The game design of SokoChess is neither bad nor lazy, in fact, quite the opposite. If there was one way to describe it, it would be “forced”. It is almost as if someone really wanted to make a hybrid of chess and the Sokoban genre, and went the extra mile to achieve that no matter how well these two worlds could actually match. Let’s look for example at the system the game uses to dictate how the enemy pieces will move. For them to act in a predictable manner since this is a puzzle game, pieces have indicated numerical values that determine the order that they will use to capture your pieces if they have the opportunity. However, there is another rule that overrides the previous one where the enemy pieces will prioritize capturing higher-value pieces instead, no matter their numerical value. And then later in the game, there is another rule where friendly pieces standing in a “protected” tile will not be captured in any case. If all this sounds a bit convoluted and non-intuitive it is because that is exactly what the issue is. The problem is not that the mechanics themselves are hard to understand, but rather that they are clunky and not particularly interesting to engage with. There are numerous other examples such as the above that demonstrate this, even the fact that you are pushing pieces while the enemy AI is capturing yours also feels a bit off. Overall, I believe that the game’s design direction clashes with one of the most defining traits of chess which is its highly minimalist philosophy.

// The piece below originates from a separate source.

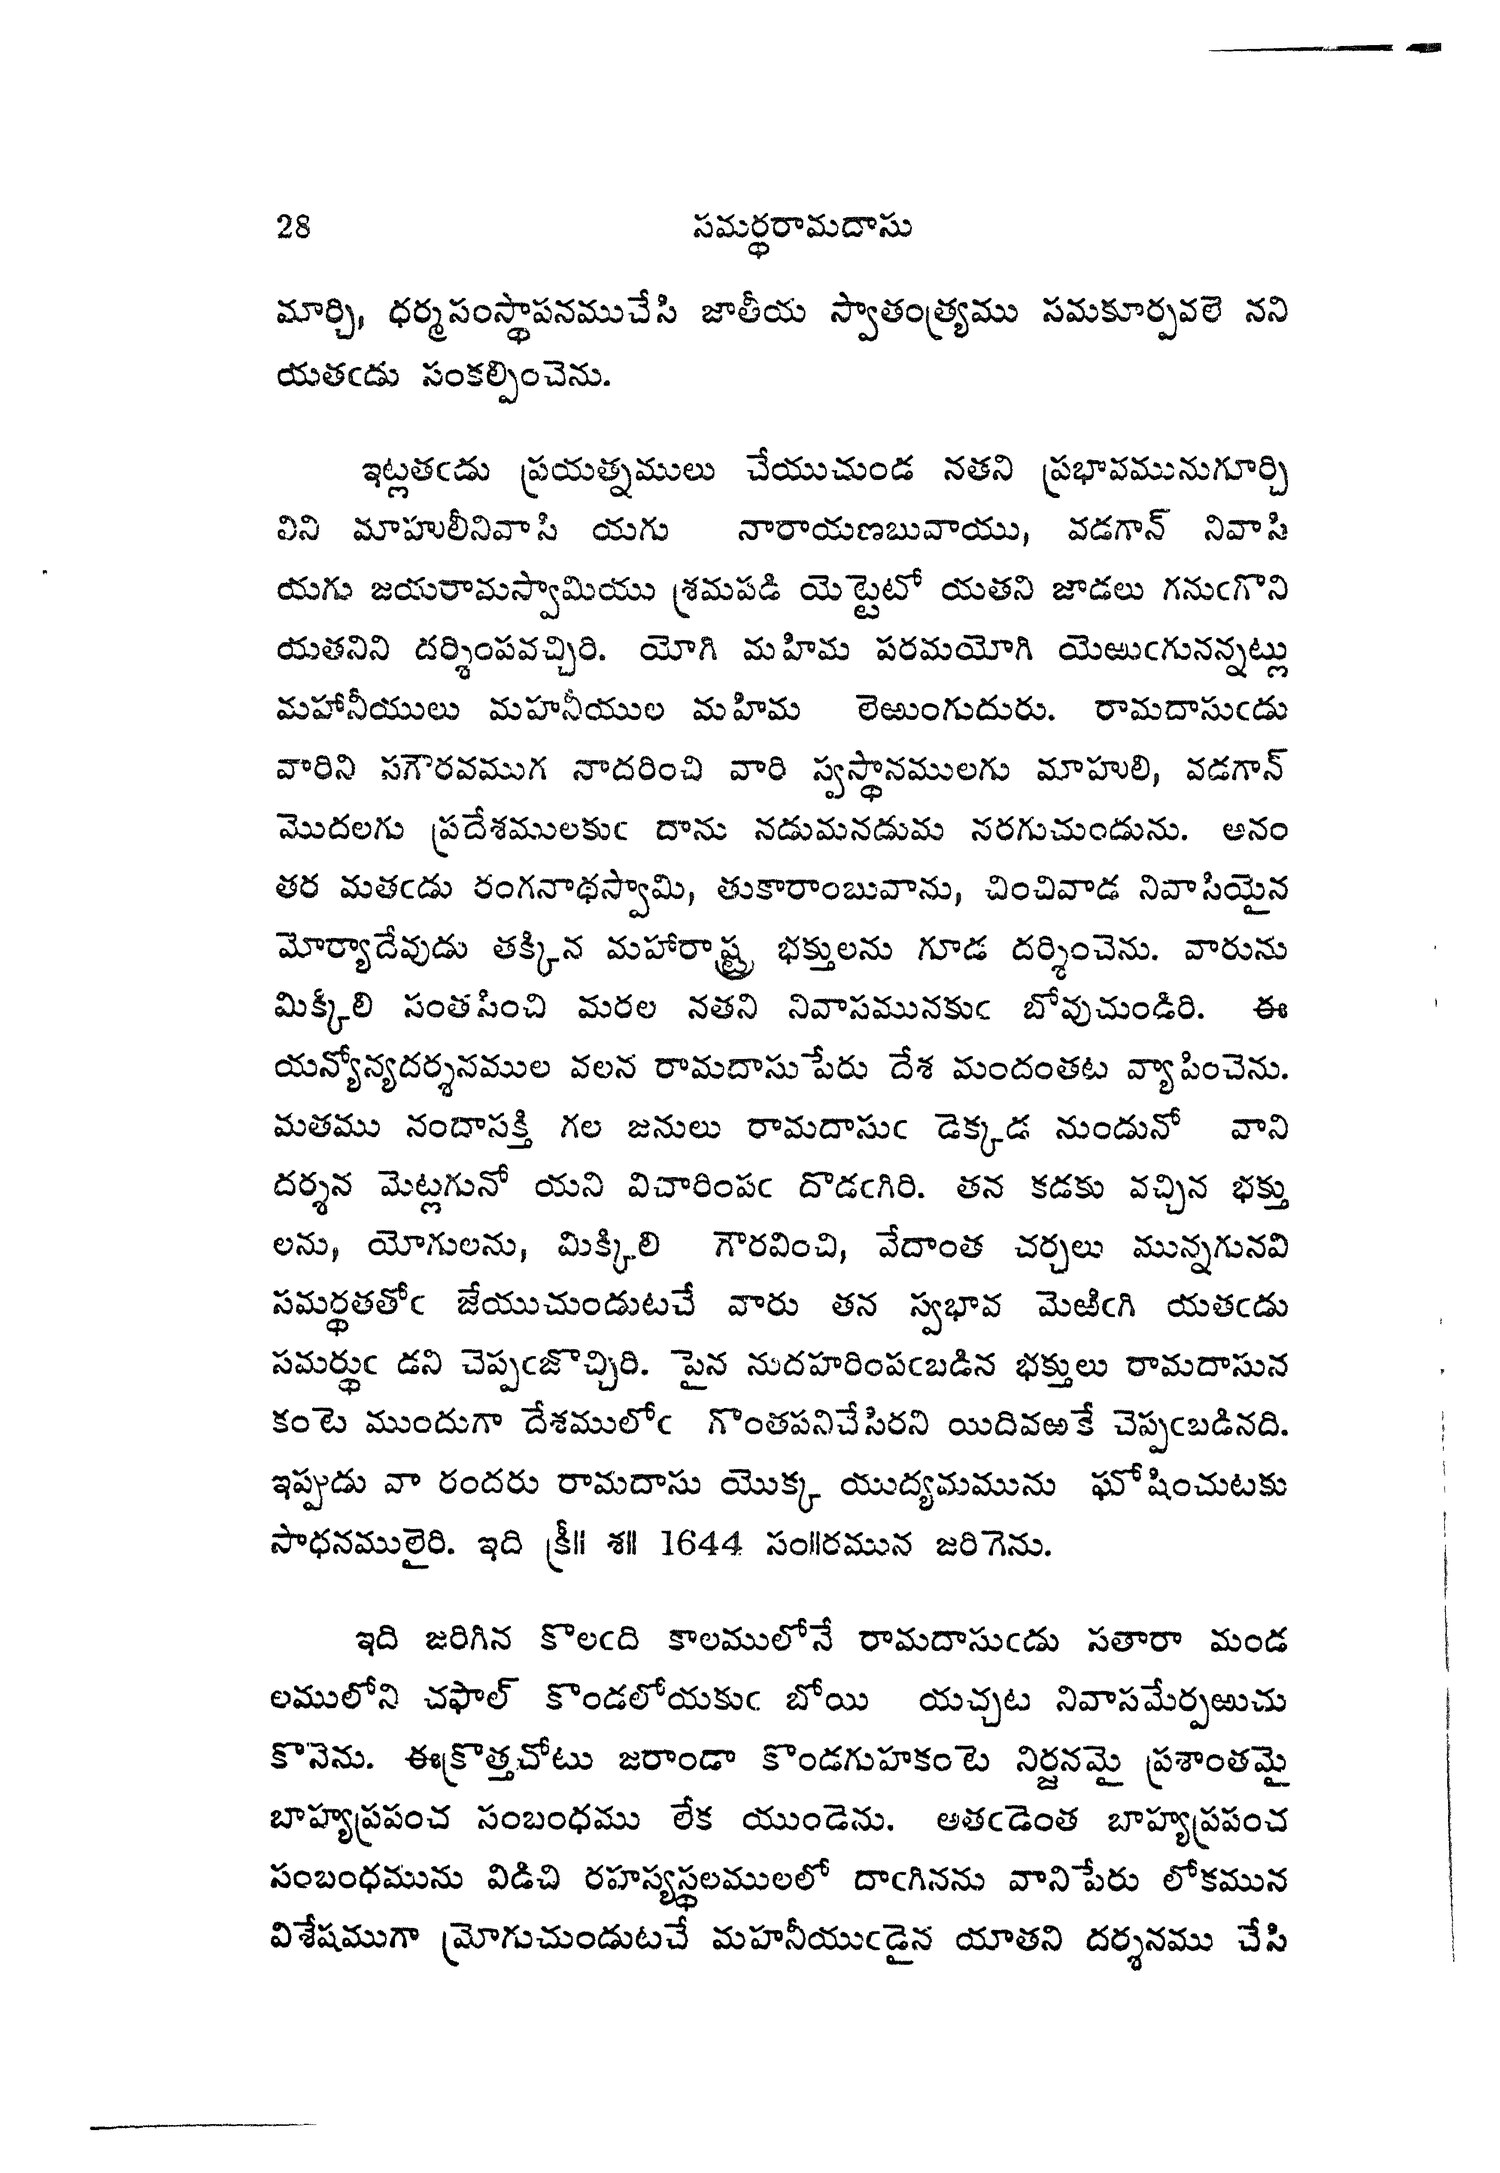మార్చి, ధర్మసంస్థాపనముచేసి జాతీయ స్వాతంత్ర్యము సమకూర్చవలె నని యతడు సంకల్పించెను.

ఇట్లతడు ప్రయత్నములు చేయుచుండ నతని ప్రభావమునుగూర్చి విని మాహులీనివాసి యగు నారాయణబువాయు, వడగాన్ నివాసి యగు జయరామస్వామియు శ్రమపడి యెట్టెటో యతని జాడలు గనుగొని యతనిని దర్శింపవచ్చిరి. యోగి మహిమ పరమయోగి యెఱుగుననట్లు మహానీయులు మహనీయుల మహిమ లెఱుంగుదురు. రామదాసుడు వారిని సగౌరవముగ నాదరించి వారి స్వస్థానములగు మాహులి, వడగాన్ మొదలగు ప్రదేశములకు దాను నడుమనడుమ నరుగుచుండును. అనంతర మతడు రంగనాథస్వామి, తుకారాంబువాను, చించివాడ నివాసియైన మోర్యాదేవుడు తక్కిన మహారాష్ట్ర భక్తులను గూడ దర్శించెను. వారును మిక్కిలి సంతసించి మరల నతని నివాసమునకు బోవుచుండిరి. ఈ యన్యోన్యదర్శనముల వలన రామదాసు పేరు దేశ మందంతట వ్యాపించెను. మతము నందాసక్తి గల జనులు రామదాసు డెక్కడ నుండునో వాని దర్శన మెట్లుగునో యని విచారింప దొడగిరి. తన కడకు వచ్చిన భక్తులను, యోగులను, మిక్కిలి గౌరవించి, వేదాంత చర్చలు మున్నగునని సమర్థతతో జేయుచుండుటచే వారు తన స్వభావ మెఱిగి యతడు సమర్థు డని చెప్పజొచ్చిరి. పైన నుదహరింపబడిన భక్తులు రామదాసున కంటె ముందుగా దేశములో గొంతపనిచేసిరని యిదివఱకే చెప్పబడినది. ఇప్పుడు వా రందరు రామదాసు యొక్క యుద్యమమును ఘోషించుటకు సాధనములైరి. ఇది క్రీ.శ. 1644 సం.రమున జరిగెను.

ఇది జరిగిన కొలది కాలములోనే రామదాసుడు సతారా మండలములోని చఫాల్ కొండలోయకు బోయి యచ్చట నివాసమేర్పఱుచు కొనెను. ఈక్రొత్తచోటు జరాండా కొండగుహకంటె నిర్జనమై ప్రశాంతమై బాహ్యప్రపంచ సంబంధము లేక యుండేను. ఆతడెంత బాహ్యప్రపంచ సంబంధమును విడిచి రహస్యస్థలములలో దాగినను వానిపేరు లోకమున విశేషముగా మ్రోగుచుండుటచే మహనీయుడైన యాతని దర్శనము చేసి

Unlike many board games with long rulebooks and all kinds of additions, chess stands out as a game with a small number of straightforward mechanics that are able to generate an enormous amount of depth. Chess is the definition of the “easy to learn, hard to master” slogan. Maybe Sokoban games and chess just do not mix very well, or maybe some other approach to design could have produced more consistently intuitive and engaging results. Either way, SokoChess, with all its flaws, is still able to provide a good time to fans of puzzle games and more experimental titles, and does include plenty of deceptively smart levels that were a joy to solve. As far as visual presentation goes, there isn’t anything particularly noteworthy to point out. SokoChess uses a fairly standard modern minimal UI that does not really have any character or distinctiveness but works well considering the game’s context and mechanical complexity. The game also includes all the convenient features and responsive control functions that help make the solving experience feel smooth, polished, and much less frustrating.


SokoChess is an experimental and unique game with clever level design and plenty of engaging puzzles. However, it does suffer from multiple core issues in its design attempt to combine chess with the Sokoban genre.